Who can perform the upgrade?

You need to attach a customer-managed IAM policy with a policy statement that allows the upgrade action to the user who will perform the migration. This extra check prevents someone from accidentally migrating the catalog for the entire account. For more information, see Step 1 - Allow a User to Perform the Upgrade.

My users use a managed policy with Athena and Redshift Spectrum. What steps do I need to take to upgrade?

The Athena managed policy has been automatically updated with new policy actions that allow Athena users to access Amazon Glue. However, you still must explicitly allow the upgrade action for the user who performs the upgrade. To prevent accidental upgrade, the managed policy does not allow this action.

What happens if I don’t upgrade?

If you don’t upgrade, you are not able to use Amazon Glue features together with the databases and tables that you create in Athena or vice versa. You can use these services independently. During this time, Athena and Amazon Glue both prevent you from creating databases or tables that have the same names in the other data catalog. This prevents name collisions when you do upgrade.

Why do I need to add Amazon Glue policies to Athena users?

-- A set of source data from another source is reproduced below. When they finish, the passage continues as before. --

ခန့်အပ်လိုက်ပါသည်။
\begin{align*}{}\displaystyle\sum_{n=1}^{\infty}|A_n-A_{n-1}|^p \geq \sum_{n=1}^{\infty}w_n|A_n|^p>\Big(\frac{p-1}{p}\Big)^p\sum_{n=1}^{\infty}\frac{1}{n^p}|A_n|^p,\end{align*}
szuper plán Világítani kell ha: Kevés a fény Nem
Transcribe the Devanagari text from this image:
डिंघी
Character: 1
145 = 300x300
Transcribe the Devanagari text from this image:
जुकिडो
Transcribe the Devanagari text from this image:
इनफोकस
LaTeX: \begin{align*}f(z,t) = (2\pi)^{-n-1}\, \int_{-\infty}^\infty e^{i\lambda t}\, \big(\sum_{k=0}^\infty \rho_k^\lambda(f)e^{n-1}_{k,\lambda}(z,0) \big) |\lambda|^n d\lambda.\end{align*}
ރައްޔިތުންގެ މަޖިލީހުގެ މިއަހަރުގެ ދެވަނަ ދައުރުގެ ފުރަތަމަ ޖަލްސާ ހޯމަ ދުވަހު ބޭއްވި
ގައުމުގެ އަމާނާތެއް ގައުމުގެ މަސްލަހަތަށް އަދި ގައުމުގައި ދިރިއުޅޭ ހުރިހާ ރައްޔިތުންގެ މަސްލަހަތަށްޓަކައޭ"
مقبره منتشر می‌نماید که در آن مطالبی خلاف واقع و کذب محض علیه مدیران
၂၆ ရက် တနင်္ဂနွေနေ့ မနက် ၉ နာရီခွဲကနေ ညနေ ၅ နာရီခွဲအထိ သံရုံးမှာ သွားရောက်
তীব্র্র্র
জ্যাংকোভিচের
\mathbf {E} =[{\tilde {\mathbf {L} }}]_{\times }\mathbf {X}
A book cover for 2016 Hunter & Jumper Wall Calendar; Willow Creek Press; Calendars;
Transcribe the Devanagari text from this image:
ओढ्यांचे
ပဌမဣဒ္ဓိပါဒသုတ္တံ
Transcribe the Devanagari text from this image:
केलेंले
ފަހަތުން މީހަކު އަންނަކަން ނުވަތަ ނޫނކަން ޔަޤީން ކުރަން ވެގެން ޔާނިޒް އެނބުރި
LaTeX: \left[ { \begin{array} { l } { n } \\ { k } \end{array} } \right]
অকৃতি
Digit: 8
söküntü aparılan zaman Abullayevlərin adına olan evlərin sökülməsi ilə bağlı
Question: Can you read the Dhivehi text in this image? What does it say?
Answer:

Before you upgrade, Athena manages the data catalog, so Athena actions must be allowed for your users to perform queries. After you upgrade to the Amazon Glue Data Catalog, Amazon Glue actions must be allowed for your users. Remember, the managed policy for Athena has already been updated to allow the required Amazon Glue actions, so no action is required if you use the managed policy.

What happens if I don’t allow Amazon Glue policies for Athena users?

If you upgrade to the Amazon Glue Data Catalog and don't update a user's customer-managed or inline IAM policies, Athena queries fail because the user won't be allowed to perform actions in Amazon Glue. For the specific actions to allow, see Step 2 - Update Customer-Managed/Inline Policies Associated with Athena Users.

Is there risk of data loss during the upgrade?

No.

Is my data also moved during this upgrade?

No. The migration only affects metadata.